In the production system life cycle, numerous decisions are to be taken in each stage. These decisions are more complex as the decision makers has to assess a wide range of alternatives based on a set of conflicting criteria. In view of this, a novel multiple decision making MOORA method is suggested in this paper for decision making in different stages of production system life cycle. For the demonstration of proposed method, five examples have been cited from the literature. In all the cases, it is observed that best alternative exactly matches with those derived by the past researchers. MOORA method can consider all the attributes along with their relative importance which results in better evaluation of alternatives. MOORA method is very simple to comprehend and easy to apply. The proposed method is a general method and can consider any number of quantitative and qualitative attributes simultaneously and offers a more objective and simple decision making approach. Furthermore, this method can be extended to any type of selection problems.
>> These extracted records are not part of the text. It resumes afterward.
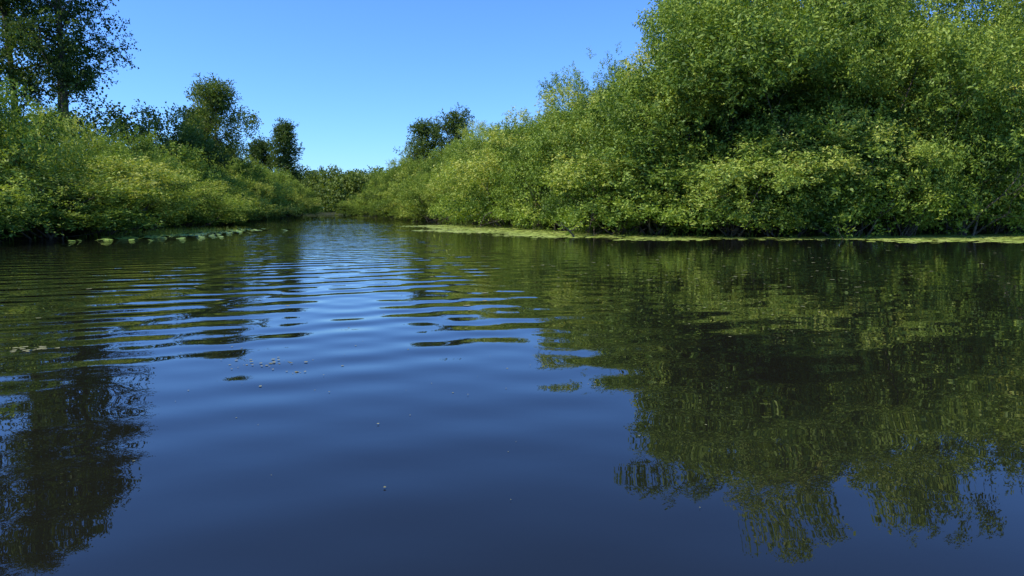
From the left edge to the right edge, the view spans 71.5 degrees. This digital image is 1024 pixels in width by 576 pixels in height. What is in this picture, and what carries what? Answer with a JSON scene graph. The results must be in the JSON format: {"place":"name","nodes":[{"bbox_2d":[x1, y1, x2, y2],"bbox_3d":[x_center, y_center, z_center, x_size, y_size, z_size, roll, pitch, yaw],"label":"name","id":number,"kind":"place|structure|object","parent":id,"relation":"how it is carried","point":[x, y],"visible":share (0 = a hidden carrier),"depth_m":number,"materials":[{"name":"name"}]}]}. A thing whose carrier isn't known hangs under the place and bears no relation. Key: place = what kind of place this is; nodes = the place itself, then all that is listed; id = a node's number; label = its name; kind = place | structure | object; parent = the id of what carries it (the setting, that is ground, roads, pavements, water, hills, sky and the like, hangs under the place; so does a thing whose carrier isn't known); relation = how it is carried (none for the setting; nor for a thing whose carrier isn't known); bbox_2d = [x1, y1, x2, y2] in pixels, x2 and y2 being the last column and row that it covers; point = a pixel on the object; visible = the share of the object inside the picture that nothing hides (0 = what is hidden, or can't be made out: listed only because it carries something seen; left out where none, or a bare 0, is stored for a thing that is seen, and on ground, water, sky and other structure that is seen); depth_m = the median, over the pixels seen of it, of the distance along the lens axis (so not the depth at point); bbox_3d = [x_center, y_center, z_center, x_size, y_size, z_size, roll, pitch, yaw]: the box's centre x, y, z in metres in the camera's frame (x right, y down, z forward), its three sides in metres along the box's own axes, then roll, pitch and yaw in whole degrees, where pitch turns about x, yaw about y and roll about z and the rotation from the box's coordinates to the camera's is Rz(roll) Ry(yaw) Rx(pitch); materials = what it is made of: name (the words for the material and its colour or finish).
{"place":"outdoors","nodes":[
{"label":"outdoors","id":0,"kind":"place"},
{"bbox_2d":[0,0,1022,177],"label":"sky","id":1,"kind":"structure","parent":0,"point":[353,75],"materials":[{"name":"blue"}]},
{"bbox_2d":[0,215,1023,575],"bbox_3d":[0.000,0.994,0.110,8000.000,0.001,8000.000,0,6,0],"label":"river water","id":2,"kind":"structure","parent":0,"point":[826,433],"depth_m":3.65,"materials":[{"name":"blue liquid"}]},
{"bbox_2d":[60,228,290,245],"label":"lily pads","id":3,"kind":"object","parent":2,"relation":"on","point":[191,234],"visible":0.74,"depth_m":26.97,"materials":[{"name":"green plant"}]},
{"bbox_2d":[13,244,982,499],"bbox_3d":[3.055,-0.725,15.641,25.817,0.005,20.161,-4,7,-31],"label":"floating leaf debris","id":4,"kind":"object","parent":2,"relation":"on","point":[40,347],"visible":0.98,"depth_m":5.19,"materials":[{"name":"plant"}]},
{"bbox_2d":[406,225,1023,242],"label":"duckweed mat","id":5,"kind":"object","parent":2,"relation":"on","point":[910,239],"visible":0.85,"depth_m":26.18,"materials":[{"name":"green plant"}]},
{"bbox_2d":[0,211,1023,240],"bbox_3d":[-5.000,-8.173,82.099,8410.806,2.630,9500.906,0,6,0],"label":"ground","id":6,"kind":"structure","parent":0,"point":[715,232],"depth_m":28.22,"materials":[{"name":"soil"}]},
{"bbox_2d":[0,193,31,237],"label":"bank shrub","id":7,"kind":"object","parent":6,"relation":"on","point":[9,220],"visible":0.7,"depth_m":20.55,"materials":[{"name":"green plant"}]},
{"bbox_2d":[0,81,90,155],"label":"alder shrub","id":8,"kind":"object","parent":6,"relation":"on","point":[49,111],"visible":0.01,"depth_m":45.63,"materials":[{"name":"green plant"}]},
{"bbox_2d":[0,143,92,239],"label":"bank shrub","id":9,"kind":"object","parent":6,"relation":"on","point":[18,191],"visible":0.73,"depth_m":21.48,"materials":[{"name":"green plant"}]},
{"bbox_2d":[0,69,93,233],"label":"bank shrub","id":10,"kind":"object","parent":6,"relation":"on","point":[23,159],"visible":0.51,"depth_m":25.45,"materials":[{"name":"green plant"}]},
{"bbox_2d":[0,0,93,119],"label":"cottonwood tree","id":11,"kind":"object","parent":6,"relation":"on","point":[10,67],"visible":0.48,"depth_m":46.91,"materials":[{"name":"green plant"}]},
{"bbox_2d":[0,94,101,230],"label":"bank shrub","id":12,"kind":"object","parent":6,"relation":"on","point":[80,147],"visible":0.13,"depth_m":27.39,"materials":[{"name":"green plant"}]},
{"bbox_2d":[22,100,117,175],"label":"bank shrub","id":13,"kind":"object","parent":6,"relation":"on","point":[89,134],"visible":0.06,"depth_m":33.82,"materials":[{"name":"green plant"}]},
{"bbox_2d":[0,0,140,117],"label":"cottonwood tree","id":14,"kind":"object","parent":6,"relation":"on","point":[64,70],"visible":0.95,"depth_m":47.31,"materials":[{"name":"green plant"}]},
{"bbox_2d":[0,160,170,238],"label":"bank shrub","id":15,"kind":"object","parent":6,"relation":"on","point":[88,214],"visible":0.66,"depth_m":24.49,"materials":[{"name":"green plant"}]},
{"bbox_2d":[42,147,132,228],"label":"bank shrub","id":16,"kind":"object","parent":6,"relation":"on","point":[72,164],"visible":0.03,"depth_m":29.74,"materials":[{"name":"green plant"}]},
{"bbox_2d":[14,151,199,235],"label":"bank shrub","id":17,"kind":"object","parent":6,"relation":"on","point":[121,170],"visible":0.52,"depth_m":26.92,"materials":[{"name":"green plant"}]},
{"bbox_2d":[60,134,161,226],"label":"bank shrub","id":18,"kind":"object","parent":6,"relation":"on","point":[118,147],"visible":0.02,"depth_m":33.56,"materials":[{"name":"green plant"}]},
{"bbox_2d":[56,87,183,160],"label":"alder shrub","id":19,"kind":"object","parent":6,"relation":"on","point":[114,114],"visible":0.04,"depth_m":46.65,"materials":[{"name":"green plant"}]},
{"bbox_2d":[80,115,193,178],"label":"bank shrub","id":20,"kind":"object","parent":6,"relation":"on","point":[144,145],"visible":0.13,"depth_m":38.11,"materials":[{"name":"green plant"}]},
{"bbox_2d":[75,149,206,231],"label":"bank shrub","id":21,"kind":"object","parent":6,"relation":"on","point":[183,189],"visible":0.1,"depth_m":30.32,"materials":[{"name":"green plant"}]},
{"bbox_2d":[118,164,215,230],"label":"bank shrub","id":22,"kind":"object","parent":6,"relation":"on","point":[200,216],"visible":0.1,"depth_m":34.15,"materials":[{"name":"green plant"}]},
{"bbox_2d":[132,101,235,191],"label":"alder shrub","id":23,"kind":"object","parent":6,"relation":"on","point":[183,136],"visible":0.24,"depth_m":50.37,"materials":[{"name":"green plant"}]},
{"bbox_2d":[147,136,227,209],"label":"bank shrub","id":24,"kind":"object","parent":6,"relation":"on","point":[191,168],"visible":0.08,"depth_m":46.49,"materials":[{"name":"green plant"}]},
{"bbox_2d":[168,104,225,149],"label":"poplar tree","id":25,"kind":"object","parent":6,"relation":"on","point":[189,111],"visible":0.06,"depth_m":72.81,"materials":[{"name":"green plant"}]},
{"bbox_2d":[155,181,257,229],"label":"bank shrub","id":26,"kind":"object","parent":6,"relation":"on","point":[209,202],"visible":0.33,"depth_m":36.15,"materials":[{"name":"green plant"}]},
{"bbox_2d":[178,171,250,227],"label":"bank shrub","id":27,"kind":"object","parent":6,"relation":"on","point":[214,187],"visible":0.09,"depth_m":38.73,"materials":[{"name":"green plant"}]},
{"bbox_2d":[174,72,263,173],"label":"poplar tree","id":28,"kind":"object","parent":6,"relation":"on","point":[215,95],"visible":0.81,"depth_m":67.82,"materials":[{"name":"green plant"}]},
{"bbox_2d":[203,152,243,183],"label":"bank shrub","id":29,"kind":"object","parent":6,"relation":"on","point":[229,167],"visible":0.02,"depth_m":62.48,"materials":[{"name":"green plant"}]},
{"bbox_2d":[188,178,264,224],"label":"bank shrub","id":30,"kind":"object","parent":6,"relation":"on","point":[225,187],"visible":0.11,"depth_m":44.73,"materials":[{"name":"green plant"}]},
{"bbox_2d":[197,167,256,222],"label":"bank shrub","id":31,"kind":"object","parent":6,"relation":"on","point":[233,181],"visible":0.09,"depth_m":51.55,"materials":[{"name":"green plant"}]},
{"bbox_2d":[197,184,264,220],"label":"bank shrub","id":32,"kind":"object","parent":6,"relation":"on","point":[243,195],"visible":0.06,"depth_m":48.74,"materials":[{"name":"green plant"}]},
{"bbox_2d":[207,162,258,191],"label":"bank shrub","id":33,"kind":"object","parent":6,"relation":"on","point":[238,176],"visible":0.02,"depth_m":66.19,"materials":[{"name":"green plant"}]},
{"bbox_2d":[210,152,270,197],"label":"bank shrub","id":34,"kind":"object","parent":6,"relation":"on","point":[247,166],"visible":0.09,"depth_m":71.45,"materials":[{"name":"green plant"}]},
{"bbox_2d":[228,174,275,219],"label":"bank shrub","id":35,"kind":"object","parent":6,"relation":"on","point":[258,187],"visible":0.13,"depth_m":66.74,"materials":[{"name":"green plant"}]},
{"bbox_2d":[226,185,285,221],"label":"bank shrub","id":36,"kind":"object","parent":6,"relation":"on","point":[266,204],"visible":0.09,"depth_m":59.31,"materials":[{"name":"green plant"}]},
{"bbox_2d":[239,133,275,171],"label":"poplar tree","id":37,"kind":"object","parent":6,"relation":"on","point":[257,150],"visible":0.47,"depth_m":99.55,"materials":[{"name":"green plant"}]},
{"bbox_2d":[247,167,296,218],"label":"bank shrub","id":38,"kind":"object","parent":6,"relation":"on","point":[270,177],"visible":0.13,"depth_m":75.73,"materials":[{"name":"green plant"}]},
{"bbox_2d":[240,174,304,219],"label":"bank shrub","id":39,"kind":"object","parent":6,"relation":"on","point":[277,202],"visible":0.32,"depth_m":70.92,"materials":[{"name":"green plant"}]},
{"bbox_2d":[263,117,312,181],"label":"poplar tree","id":40,"kind":"object","parent":6,"relation":"on","point":[283,134],"visible":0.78,"depth_m":97.77,"materials":[{"name":"green plant"}]},
{"bbox_2d":[273,183,305,217],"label":"bank shrub","id":41,"kind":"object","parent":6,"relation":"on","point":[297,204],"visible":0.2,"depth_m":81.73,"materials":[{"name":"green plant"}]},
{"bbox_2d":[273,175,310,216],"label":"bank shrub","id":42,"kind":"object","parent":6,"relation":"on","point":[295,182],"visible":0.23,"depth_m":86.09,"materials":[{"name":"green plant"}]},
{"bbox_2d":[286,186,322,216],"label":"bank shrub","id":43,"kind":"object","parent":6,"relation":"on","point":[310,209],"visible":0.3,"depth_m":91.26,"materials":[{"name":"green plant"}]},
{"bbox_2d":[294,164,395,215],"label":"distant trees","id":44,"kind":"object","parent":6,"relation":"on","point":[333,188],"visible":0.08,"depth_m":125.32,"materials":[{"name":"green plant"}]},
{"bbox_2d":[334,194,373,216],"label":"willow shrub","id":45,"kind":"object","parent":6,"relation":"on","point":[347,203],"visible":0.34,"depth_m":91.16,"materials":[{"name":"green plant"}]},
{"bbox_2d":[351,185,390,217],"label":"willow shrub","id":46,"kind":"object","parent":6,"relation":"on","point":[362,203],"visible":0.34,"depth_m":82.68,"materials":[{"name":"green plant"}]},
{"bbox_2d":[360,184,395,216],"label":"willow shrub","id":47,"kind":"object","parent":6,"relation":"on","point":[373,197],"visible":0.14,"depth_m":78.71,"materials":[{"name":"green plant"}]},
{"bbox_2d":[364,169,391,215],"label":"willow shrub","id":48,"kind":"object","parent":6,"relation":"on","point":[373,182],"visible":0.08,"depth_m":86.71,"materials":[{"name":"green plant"}]},
{"bbox_2d":[356,195,404,218],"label":"willow shrub","id":49,"kind":"object","parent":6,"relation":"on","point":[373,209],"visible":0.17,"depth_m":75.54,"materials":[{"name":"green plant"}]},
{"bbox_2d":[378,155,417,185],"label":"willow shrub","id":50,"kind":"object","parent":6,"relation":"on","point":[399,168],"visible":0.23,"depth_m":81.05,"materials":[{"name":"green plant"}]},
{"bbox_2d":[374,183,429,219],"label":"willow shrub","id":51,"kind":"object","parent":6,"relation":"on","point":[395,192],"visible":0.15,"depth_m":67.08,"materials":[{"name":"green plant"}]},
{"bbox_2d":[385,155,429,205],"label":"willow shrub","id":52,"kind":"object","parent":6,"relation":"on","point":[401,175],"visible":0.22,"depth_m":75.59,"materials":[{"name":"green plant"}]},
{"bbox_2d":[395,173,436,221],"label":"willow shrub","id":53,"kind":"object","parent":6,"relation":"on","point":[411,205],"visible":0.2,"depth_m":59.39,"materials":[{"name":"green plant"}]},
{"bbox_2d":[392,116,444,166],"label":"poplar tree","id":54,"kind":"object","parent":6,"relation":"on","point":[422,129],"visible":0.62,"depth_m":83.55,"materials":[{"name":"green plant"}]},
{"bbox_2d":[396,164,451,221],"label":"willow shrub","id":55,"kind":"object","parent":6,"relation":"on","point":[414,197],"visible":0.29,"depth_m":57.27,"materials":[{"name":"green plant"}]},
{"bbox_2d":[415,144,453,217],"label":"willow shrub","id":56,"kind":"object","parent":6,"relation":"on","point":[422,166],"visible":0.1,"depth_m":65.35,"materials":[{"name":"green plant"}]},
{"bbox_2d":[416,159,465,222],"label":"willow shrub","id":57,"kind":"object","parent":6,"relation":"on","point":[431,199],"visible":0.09,"depth_m":54.05,"materials":[{"name":"green plant"}]},
{"bbox_2d":[424,163,473,221],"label":"willow shrub","id":58,"kind":"object","parent":6,"relation":"on","point":[436,192],"visible":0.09,"depth_m":51.13,"materials":[{"name":"green plant"}]},
{"bbox_2d":[428,102,481,156],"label":"poplar tree","id":59,"kind":"object","parent":6,"relation":"on","point":[453,121],"visible":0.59,"depth_m":81.75,"materials":[{"name":"green plant"}]},
{"bbox_2d":[427,136,484,216],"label":"willow shrub","id":60,"kind":"object","parent":6,"relation":"on","point":[457,148],"visible":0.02,"depth_m":54.81,"materials":[{"name":"green plant"}]},
{"bbox_2d":[438,134,475,165],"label":"willow shrub","id":61,"kind":"object","parent":6,"relation":"on","point":[443,158],"visible":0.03,"depth_m":60.55,"materials":[{"name":"green plant"}]},
{"bbox_2d":[449,118,486,157],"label":"willow shrub","id":62,"kind":"object","parent":6,"relation":"on","point":[467,128],"visible":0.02,"depth_m":74.45,"materials":[{"name":"green plant"}]},
{"bbox_2d":[434,186,507,224],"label":"willow shrub","id":63,"kind":"object","parent":6,"relation":"on","point":[458,219],"visible":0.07,"depth_m":45.48,"materials":[{"name":"green plant"}]},
{"bbox_2d":[428,153,517,225],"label":"willow shrub","id":64,"kind":"object","parent":6,"relation":"on","point":[445,200],"visible":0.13,"depth_m":42.43,"materials":[{"name":"green plant"}]},
{"bbox_2d":[446,122,503,195],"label":"willow shrub","id":65,"kind":"object","parent":6,"relation":"on","point":[469,146],"visible":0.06,"depth_m":50.52,"materials":[{"name":"green plant"}]},
{"bbox_2d":[424,123,533,227],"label":"willow shrub","id":66,"kind":"object","parent":6,"relation":"on","point":[485,166],"visible":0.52,"depth_m":38.44,"materials":[{"name":"green plant"}]},
{"bbox_2d":[461,118,515,147],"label":"willow shrub","id":67,"kind":"object","parent":6,"relation":"on","point":[497,126],"depth_m":63.07,"materials":[{"name":"green plant"}]},
{"bbox_2d":[480,114,537,222],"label":"willow shrub","id":68,"kind":"object","parent":6,"relation":"on","point":[507,128],"visible":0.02,"depth_m":43.78,"materials":[{"name":"green plant"}]},
{"bbox_2d":[2,215,1022,239],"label":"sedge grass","id":69,"kind":"structure","parent":6,"relation":"on","point":[174,231],"depth_m":28.74,"materials":[{"name":"green plant"}]},
{"bbox_2d":[488,106,539,146],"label":"willow shrub","id":70,"kind":"object","parent":6,"relation":"on","point":[521,115],"visible":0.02,"depth_m":51.64,"materials":[{"name":"green plant"}]},
{"bbox_2d":[495,176,542,226],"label":"willow shrub","id":71,"kind":"object","parent":6,"relation":"on","point":[508,210],"visible":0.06,"depth_m":37.09,"materials":[{"name":"green plant"}]},
{"bbox_2d":[483,136,563,228],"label":"willow shrub","id":72,"kind":"object","parent":6,"relation":"on","point":[497,210],"visible":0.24,"depth_m":34.96,"materials":[{"name":"green plant"}]},
{"bbox_2d":[496,104,599,228],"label":"willow shrub","id":73,"kind":"object","parent":6,"relation":"on","point":[537,128],"depth_m":36.48,"materials":[{"name":"green plant"}]},
{"bbox_2d":[500,106,609,231],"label":"willow shrub","id":74,"kind":"object","parent":6,"relation":"on","point":[537,144],"visible":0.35,"depth_m":32.18,"materials":[{"name":"green plant"}]},
{"bbox_2d":[507,79,619,227],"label":"willow shrub","id":75,"kind":"object","parent":6,"relation":"on","point":[552,103],"visible":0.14,"depth_m":34.04,"materials":[{"name":"green plant"}]},
{"bbox_2d":[536,48,617,119],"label":"willow shrub","id":76,"kind":"object","parent":6,"relation":"on","point":[576,86],"visible":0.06,"depth_m":44.03,"materials":[{"name":"green plant"}]},
{"bbox_2d":[537,108,632,232],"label":"willow shrub","id":77,"kind":"object","parent":6,"relation":"on","point":[551,207],"visible":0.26,"depth_m":29.24,"materials":[{"name":"green plant"}]},
{"bbox_2d":[566,42,631,121],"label":"willow shrub","id":78,"kind":"object","parent":6,"relation":"on","point":[606,77],"visible":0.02,"depth_m":39.52,"materials":[{"name":"green plant"}]},
{"bbox_2d":[534,128,708,234],"bbox_3d":[4.718,-4.141,28.516,7.734,4.555,7.226,0,6,1],"label":"willow shrub","id":79,"kind":"object","parent":6,"relation":"on","point":[573,216],"visible":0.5,"depth_m":26.68,"materials":[{"name":"green plant"}]},
{"bbox_2d":[593,35,657,102],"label":"willow shrub","id":80,"kind":"object","parent":6,"relation":"on","point":[618,68],"visible":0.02,"depth_m":35.96,"materials":[{"name":"green plant"}]},
{"bbox_2d":[587,68,703,224],"bbox_3d":[6.298,-5.874,31.861,6.009,7.560,7.352,-5,8,-39],"label":"willow shrub","id":81,"kind":"object","parent":6,"relation":"on","point":[596,101],"visible":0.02,"depth_m":31.00,"materials":[{"name":"green plant"}]},
{"bbox_2d":[565,100,739,236],"bbox_3d":[5.559,-4.486,27.566,7.776,5.663,6.755,-4,7,-32],"label":"willow shrub","id":82,"kind":"object","parent":6,"relation":"on","point":[668,145],"visible":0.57,"depth_m":26.24,"materials":[{"name":"green plant"}]},
{"bbox_2d":[586,0,784,229],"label":"willow shrub","id":83,"kind":"object","parent":6,"relation":"on","point":[669,6],"visible":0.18,"depth_m":27.19,"materials":[{"name":"green plant"}]},
{"bbox_2d":[601,0,774,140],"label":"willow shrub","id":84,"kind":"object","parent":6,"relation":"on","point":[638,56],"visible":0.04,"depth_m":32.63,"materials":[{"name":"green plant"}]},
{"bbox_2d":[602,0,809,152],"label":"willow shrub","id":85,"kind":"object","parent":6,"relation":"on","point":[684,15],"visible":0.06,"depth_m":30.23,"materials":[{"name":"green plant"}]},
{"bbox_2d":[604,7,830,233],"bbox_3d":[7.864,-6.231,28.493,9.596,9.120,9.386,-3,7,-26],"label":"willow shrub","id":86,"kind":"object","parent":6,"relation":"on","point":[687,87],"visible":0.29,"depth_m":25.96,"materials":[{"name":"green plant"}]},
{"bbox_2d":[638,125,844,236],"bbox_3d":[8.220,-3.776,25.817,7.174,4.436,7.491,1,6,5],"label":"willow shrub","id":87,"kind":"object","parent":6,"relation":"on","point":[720,216],"visible":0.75,"depth_m":24.54,"materials":[{"name":"green plant"}]},
{"bbox_2d":[638,0,903,231],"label":"willow shrub","id":88,"kind":"object","parent":6,"relation":"on","point":[806,46],"visible":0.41,"depth_m":25.19,"materials":[{"name":"green plant"}]},
{"bbox_2d":[673,105,894,238],"bbox_3d":[9.952,-4.090,26.388,5.646,5.138,7.081,-5,8,-39],"label":"willow shrub","id":89,"kind":"object","parent":6,"relation":"on","point":[827,192],"visible":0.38,"depth_m":24.83,"materials":[{"name":"green plant"}]},
{"bbox_2d":[695,0,903,151],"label":"willow shrub","id":90,"kind":"object","parent":6,"relation":"on","point":[792,5],"depth_m":29.47,"materials":[{"name":"green plant"}]},
{"bbox_2d":[723,36,942,229],"bbox_3d":[12.127,-5.748,28.246,8.669,8.204,8.364,-2,7,-15],"label":"willow shrub","id":91,"kind":"object","parent":6,"relation":"on","point":[862,114],"visible":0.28,"depth_m":25.84,"materials":[{"name":"green plant"}]},
{"bbox_2d":[752,0,941,219],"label":"willow shrub","id":92,"kind":"object","parent":6,"relation":"on","point":[866,16],"visible":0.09,"depth_m":28.45,"materials":[{"name":"green plant"}]},
{"bbox_2d":[752,118,969,236],"bbox_3d":[12.007,-3.943,26.212,7.828,4.744,7.089,-2,7,-15],"label":"willow shrub","id":93,"kind":"object","parent":6,"relation":"on","point":[839,149],"visible":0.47,"depth_m":24.68,"materials":[{"name":"green plant"}]},
{"bbox_2d":[843,0,962,115],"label":"willow shrub","id":94,"kind":"object","parent":6,"relation":"on","point":[919,8],"visible":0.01,"depth_m":34.12,"materials":[{"name":"green plant"}]},
{"bbox_2d":[785,0,1023,232],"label":"willow shrub","id":95,"kind":"object","parent":6,"relation":"on","point":[939,40],"visible":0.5,"depth_m":25.94,"materials":[{"name":"green plant"}]},
{"bbox_2d":[848,95,973,235],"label":"willow shrub","id":96,"kind":"object","parent":6,"relation":"on","point":[945,181],"visible":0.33,"depth_m":25.74,"materials":[{"name":"green plant"}]},
{"bbox_2d":[845,0,1023,74],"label":"willow shrub","id":97,"kind":"object","parent":6,"relation":"on","point":[986,6],"visible":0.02,"depth_m":35.70,"materials":[{"name":"green plant"}]},
{"bbox_2d":[864,21,1023,235],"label":"willow shrub","id":98,"kind":"object","parent":6,"relation":"on","point":[1020,45],"visible":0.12,"depth_m":27.55,"materials":[{"name":"green plant"}]},
{"bbox_2d":[878,60,1023,235],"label":"willow shrub","id":99,"kind":"object","parent":6,"relation":"on","point":[1014,144],"visible":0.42,"depth_m":26.21,"materials":[{"name":"green plant"}]},
{"bbox_2d":[930,115,1023,233],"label":"willow shrub","id":100,"kind":"object","parent":6,"relation":"on","point":[996,230],"visible":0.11,"depth_m":27.98,"materials":[{"name":"green plant"}]},
{"bbox_2d":[940,0,1023,56],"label":"willow shrub","id":101,"kind":"object","parent":6,"relation":"on","point":[1021,6],"visible":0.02,"depth_m":35.41,"materials":[{"name":"green plant"}]},
{"bbox_2d":[950,5,1023,217],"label":"willow shrub","id":102,"kind":"object","parent":6,"relation":"on","point":[1021,28],"visible":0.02,"depth_m":31.84,"materials":[{"name":"green plant"}]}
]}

MOORA method can be effectively used by the management or decision makers to make accurate decisions in different areas of manufacturing environment such as product design, material, manufacturing system, facility location, facility layout, material, and technology, supplier in an efficient and timely manner. However, this method is based on manual mathematical calculations, which has necessitated the development of computer program, which in turn will reduce the computational time. In future, computer program may be developed by using C++ language.